6 Settembre 2018

Il Decreto Dignità: un gattopardo che si morde la coda

di Evangelista Basile

Il Decreto Dignità, D.L. 87/2018, è stato convertito con L. 96/2018. Le modifiche in sede di conversione, in verità, non hanno stravolto l’impianto del D.L., il quale – partito con lo scopo (o per meglio dire lo slogan) di abrogare il Jobs Act – in realtà, era poi venuto alla luce molto più timidamente. Nessun ritorno al vecchio articolo 18, nessuna rivoluzione copernicana, ma ancora la conferma di un sistema di tutele a netta prevalenza obbligatorie in luogo di quelle reali e di quel concetto di crescita delle stesse in funzione dell’anzianità di servizio che aveva caratterizzato la riforma renziana. Più che altro, ciò che sembra caratterizzare la nuova virata governativa è la velleità di ridurre il precariato a colpi di penna, togliendo e aggiungendo qua e là, per stringere le maglie della flessibilità.

Ma l’equazione meno flessibilità uguale meno precarietà, oltre a non trovare un riscontro diretto sul mercato del lavoro, rischia di mandare nella confusione più totale gli operatori economici: la precarietà del lavoro è infatti sempre più spesso accompagnata dalla precarietà delle leggi del lavoro che, in continua (de)evoluzione, rendono sempre più incerti imprese e lavoratori che, come è ovvio, hanno necessità di un equilibrio legislativo per programmare e stabilizzare i propri obiettivi e gli organici.
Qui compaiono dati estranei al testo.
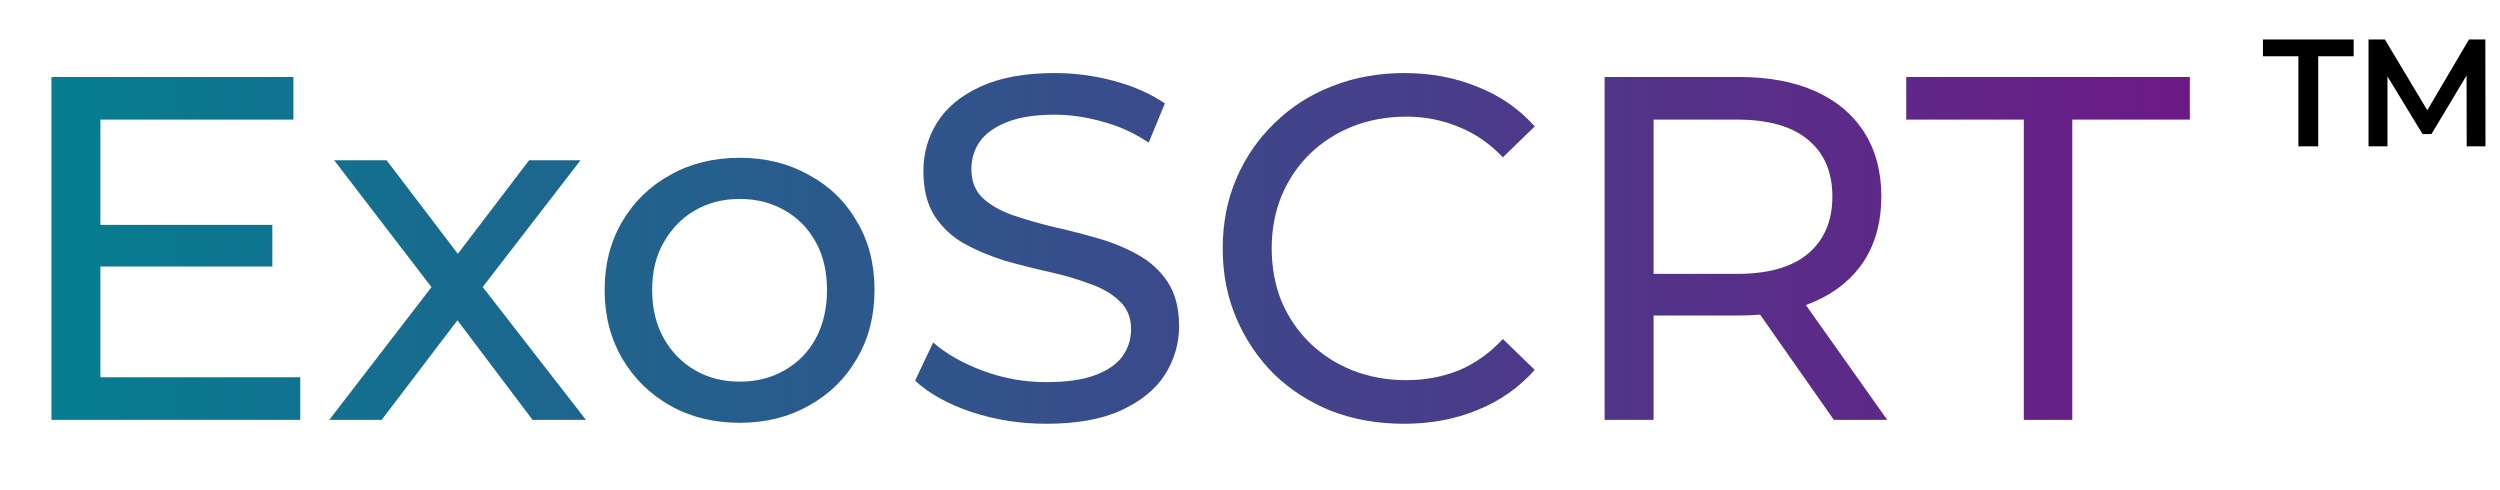<svg xmlns="http://www.w3.org/2000/svg" width="393" height="77" viewBox="0 0 393 77" fill="none"><path d="M15.092 35.354H42.812V41.899H15.092V35.354ZM15.785 59.301H47.201V66H8.085V12.1H46.123V18.799H15.785V59.301ZM51.76 66L69.316 43.208L69.239 46.981L52.53 25.19H60.769L73.551 41.976H70.394L83.176 25.19H91.261L74.321 47.135L74.398 43.208L92.108 66H83.715L70.24 48.136L73.243 48.598L59.999 66H51.76ZM116.299 66.462C112.193 66.462 108.548 65.564 105.365 63.767C102.183 61.97 99.668 59.506 97.82 56.375C95.972 53.192 95.047 49.599 95.047 45.595C95.047 41.54 95.972 37.946 97.82 34.815C99.668 31.684 102.183 29.245 105.365 27.5C108.548 25.703 112.193 24.805 116.299 24.805C120.355 24.805 123.974 25.703 127.156 27.5C130.39 29.245 132.906 31.684 134.702 34.815C136.55 37.895 137.474 41.488 137.474 45.595C137.474 49.65 136.55 53.244 134.702 56.375C132.906 59.506 130.39 61.97 127.156 63.767C123.974 65.564 120.355 66.462 116.299 66.462ZM116.299 59.994C118.917 59.994 121.253 59.404 123.306 58.223C125.411 57.042 127.054 55.374 128.234 53.218C129.415 51.011 130.005 48.47 130.005 45.595C130.005 42.669 129.415 40.154 128.234 38.049C127.054 35.893 125.411 34.225 123.306 33.044C121.253 31.863 118.917 31.273 116.299 31.273C113.681 31.273 111.346 31.863 109.292 33.044C107.239 34.225 105.596 35.893 104.364 38.049C103.132 40.154 102.516 42.669 102.516 45.595C102.516 48.47 103.132 51.011 104.364 53.218C105.596 55.374 107.239 57.042 109.292 58.223C111.346 59.404 113.681 59.994 116.299 59.994ZM164.483 66.616C160.377 66.616 156.45 66 152.702 64.768C148.955 63.485 146.003 61.842 143.847 59.84L146.696 53.834C148.75 55.631 151.368 57.119 154.55 58.3C157.733 59.481 161.044 60.071 164.483 60.071C167.615 60.071 170.156 59.712 172.106 58.993C174.057 58.274 175.494 57.299 176.418 56.067C177.342 54.784 177.804 53.346 177.804 51.755C177.804 49.907 177.188 48.418 175.956 47.289C174.776 46.16 173.21 45.261 171.259 44.594C169.36 43.875 167.255 43.259 164.945 42.746C162.635 42.233 160.3 41.642 157.938 40.975C155.628 40.256 153.498 39.358 151.547 38.28C149.648 37.202 148.108 35.765 146.927 33.968C145.747 32.12 145.156 29.759 145.156 26.884C145.156 24.112 145.875 21.571 147.312 19.261C148.801 16.9 151.06 15.026 154.088 13.64C157.168 12.203 161.07 11.484 165.792 11.484C168.924 11.484 172.029 11.895 175.109 12.716C178.189 13.537 180.859 14.718 183.117 16.258L180.576 22.418C178.266 20.878 175.828 19.774 173.261 19.107C170.695 18.388 168.205 18.029 165.792 18.029C162.764 18.029 160.274 18.414 158.323 19.184C156.373 19.954 154.935 20.981 154.011 22.264C153.139 23.547 152.702 24.985 152.702 26.576C152.702 28.475 153.293 29.99 154.473 31.119C155.705 32.248 157.271 33.147 159.17 33.814C161.121 34.481 163.251 35.097 165.561 35.662C167.871 36.175 170.181 36.766 172.491 37.433C174.853 38.1 176.983 38.973 178.882 40.051C180.833 41.129 182.399 42.566 183.579 44.363C184.76 46.16 185.35 48.47 185.35 51.293C185.35 54.014 184.606 56.555 183.117 58.916C181.629 61.226 179.319 63.1 176.187 64.537C173.107 65.923 169.206 66.616 164.483 66.616ZM220.701 66.616C216.594 66.616 212.795 65.949 209.305 64.614C205.865 63.228 202.862 61.303 200.296 58.839C197.78 56.324 195.804 53.398 194.367 50.061C192.929 46.724 192.211 43.054 192.211 39.05C192.211 35.046 192.929 31.376 194.367 28.039C195.804 24.702 197.806 21.802 200.373 19.338C202.939 16.823 205.942 14.898 209.382 13.563C212.872 12.177 216.671 11.484 220.778 11.484C224.936 11.484 228.76 12.203 232.251 13.64C235.793 15.026 238.796 17.105 241.26 19.877L236.255 24.728C234.201 22.572 231.891 20.981 229.325 19.954C226.758 18.876 224.012 18.337 221.086 18.337C218.057 18.337 215.234 18.85 212.616 19.877C210.049 20.904 207.816 22.341 205.917 24.189C204.017 26.037 202.529 28.244 201.451 30.811C200.424 33.326 199.911 36.073 199.911 39.05C199.911 42.027 200.424 44.799 201.451 47.366C202.529 49.881 204.017 52.063 205.917 53.911C207.816 55.759 210.049 57.196 212.616 58.223C215.234 59.25 218.057 59.763 221.086 59.763C224.012 59.763 226.758 59.25 229.325 58.223C231.891 57.145 234.201 55.502 236.255 53.295L241.26 58.146C238.796 60.918 235.793 63.023 232.251 64.46C228.76 65.897 224.91 66.616 220.701 66.616ZM252.244 66V12.1H273.265C277.988 12.1 282.018 12.844 285.354 14.333C288.691 15.822 291.258 17.978 293.054 20.801C294.851 23.624 295.749 26.987 295.749 30.888C295.749 34.789 294.851 38.152 293.054 40.975C291.258 43.747 288.691 45.877 285.354 47.366C282.018 48.855 277.988 49.599 273.265 49.599H256.479L259.944 46.057V66H252.244ZM288.28 66L274.574 46.442H282.813L296.673 66H288.28ZM259.944 46.827L256.479 43.054H273.034C277.962 43.054 281.684 42.002 284.199 39.897C286.766 37.741 288.049 34.738 288.049 30.888C288.049 27.038 286.766 24.061 284.199 21.956C281.684 19.851 277.962 18.799 273.034 18.799H256.479L259.944 14.949V46.827ZM318.141 66V18.799H299.661V12.1H344.244V18.799H325.764V66H318.141Z" fill="url(#paint0_linear_2098_1698)"></path><path d="M361.305 23V8.84H355.737V6.2H369.993V8.84H364.425V23H361.305ZM372.334 23V6.2H374.902L382.246 18.464H380.902L388.126 6.2H390.694L390.718 23H387.766L387.742 10.832H388.366L382.222 21.08H380.83L374.59 10.832H375.31V23H372.334Z" fill="black"></path><defs><linearGradient id="paint0_linear_2098_1698" x1="0" y1="77" x2="345" y2="77" gradientUnits="userSpaceOnUse"><stop stop-color="#028090"></stop><stop offset="1" stop-color="#6D1A86"></stop></linearGradient></defs></svg>

Insomma, cambiare tutto perché nulla cambi: questo probabilmente l’effetto sulla precarietà della nuova legge. Vengono così riconfermati i limiti di durata dei contratti a termine (24 mesi anziché 36) e l’acausalità degli stessi solo per i primi 12 mesi (oltre tale limite, così come per rinnovi, l’apposizione del termine dovrà essere giustificata da causali tipizzate per legge). Lungi dall’essere una riforma bolscevica, tale soluzione condurrà a un sicuro (ed empiricamente dimostrato) aumento del contenzioso, la cui alea – risiedendo tutta nell’istruttoria sulla sussistenza delle causali – di certo non porterà a nulla di stabile.

Di buono c’è che, in sede di conversione, sono stati presi piccoli accorgimenti sull’estensione della disciplina per i contratti a termine a quelli di somministrazione, chiarendo – come era ragionevole – che l’apposizione delle causali è da riferirsi all’utilizzatore e non all’agenzia per il lavoro. Niente panico almeno sul punto.

Infine, un ultimo ritocco è stato previsto con l’introduzione di un regime transitorio che prevede l’applicabilità della nuova disciplina ai contratti a termine stipulati a partire dalla data di entrata in vigore del decreto (14 luglio 2018) e un doppio binario per i rinnovi e le proroghe di quelli già in essere, a cui la disciplina troverà applicazione solo successivamente al 31 ottobre 2018. La transitorietà pone però ancora qualche dubbio: i rinnovi e le proroghe stipulate prima del 31 ottobre esulano anche dall’applicazione del termine di durata massima di 24 mesi e all’apposizione delle causali ove sforassero i 12 mesi complessivi? Ai posteri l’ardua sentenza.